А мать Сократа, повивальная бабка, много веков назад приняла все роды, чтобы единственный младенец родился на земле в назначенный день и в назначенный час.
После этого Сократу можно было ни о чем не писать: Сократ знал все. Сократ знал и о чистовике. И он писал в чистовик своим письменным безмолвием. Сократ заносил в чистовик совсем не то, что ему приписывает человечество. Он заносил туда не мысли, не чувства, не изречения, он записывал свое молчание.
И почти все после Сократа будут обречены писать только в черновик.
В мире есть чистовик, и есть черновик, и они оба необходимы миру. И чтобы ярче сиял чистовик — скрытое откровение божье — нужно, чтобы ярче чернел черновик — глагол человечества. Многие из сочинителей, догадываясь об этой правде, даже рукописи прекрасных романов жгут по многу раз, желая приблизить их к чистовику, что вовеки невозможно. Но даже само стремление это — благо.

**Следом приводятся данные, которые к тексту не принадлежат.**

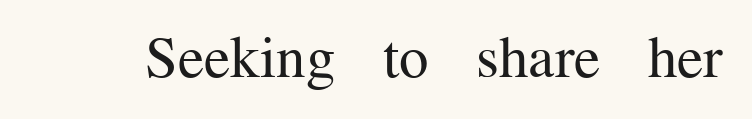
{"serif": "yes", "italic": "no", "bold": "no", "weight": "regular", "width": "normal", "stroke_contrast": "medium", "x_height": "medium", "monospaced": "no", "underline": "no", "letter_spacing": "normal", "letter_spacing_em": 0.0, "glyph_px": 59}
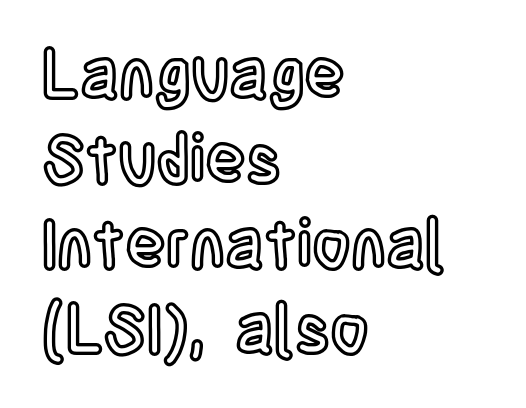
Casual observation: everything's shoved over to the left. Note the varied advance widths — an 'i' is clearly narrower than an 'm'. Italic? Not at all — the glyphs are vertical. Descenders are the only things crossing below the line. The vertical gap from one line to the next is medium. Nobody touched the tracking dial on this one.
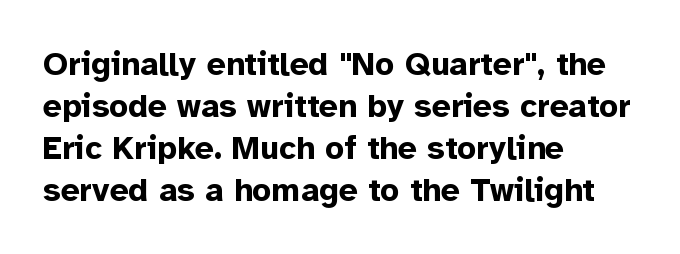
The image shows 33 px bold sans-serif type, upright; set left-aligned, normal line spacing (1.27x), normal letter spacing, not underlined; low stroke contrast and a medium x-height.
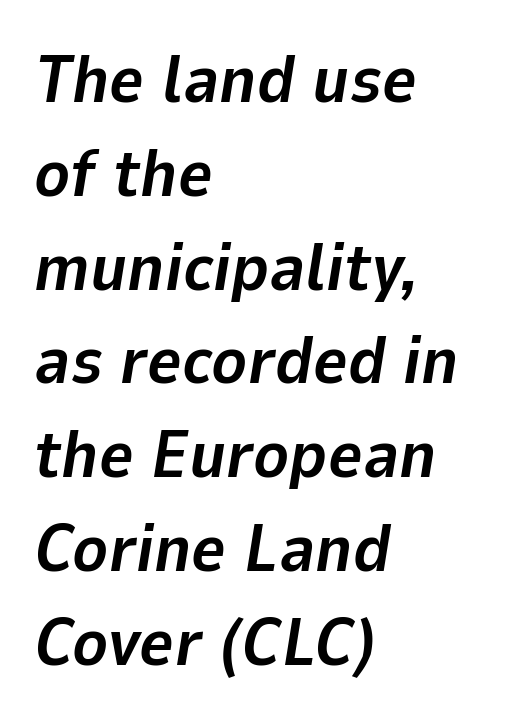
Q: Is the text bold? A: Yes.
Q: Is the text italic (slanted)? A: Yes, it leans right by about 9 degrees.
Q: Is the text underlined? A: No.
Q: How is the paragraph aligned? A: Left-aligned.
Q: Is the spacing between letters normal or unusually wide? A: Normal.
Q: Is the spacing between lines tight, normal or loose? A: Normal.
Q: Width (condensed, normal, or wide)? A: Normal.
Q: Stroke contrast? A: Low.
Q: x-height? A: Medium.
Q: Monospaced? A: No.

Платон тоже стал стремиться к этому, увидев Сократа.
Но Сократа-учителя заботило другое — чтобы никого не осталось в окрестностях чистовика, кроме самого Сократа, и чтобы как можно дальше от чистовика отдалился Платон.
Сократ, отодвигая Платона от чистовика, толкал его на путь, единственно правильный для Платона. Не слушая речи и наставления Сократа, Платон хотел услышать, что Сократу шепчет незримый ангел. Но ангел и сам слушал Сократа, стремясь расслышать слова, приготовленные  для бога.
Сократ, передвигаясь по древнему городу босиком, искал крохотный камень, отколовшийся от глыбы, которую обтачивал когда-то его отец. Сократу приснилось, что именно этот кусочек глыбы вобрал в себя отблеск сверкающей истины. И Сократ искал его  и всегда ходил босиком, надеясь ощутить под ногой каменный осколок. А если посчастливится, то и поранить ногу об острие камешка, чтобы — кровно сродниться с истиной.
Если этот камень  вознесен в вышину, то Сократ ждал его и с неба. Он всю жизнь тайно ожидал чудесный град над Афинами...
Град был, но его не заметил Сократ. И не мог заметить, потому что этот град незримо прошел по земле, надежно спрятавшись в стуке дятла по тысячелетнему дереву, в громе горного обвала, в шепоте осыпающегося гороха на морщинистом от засухи поле. Этот град, наконец, утаился в стуке бездомного летописца в окно лачуги на краю какого-то давно угасшего селения.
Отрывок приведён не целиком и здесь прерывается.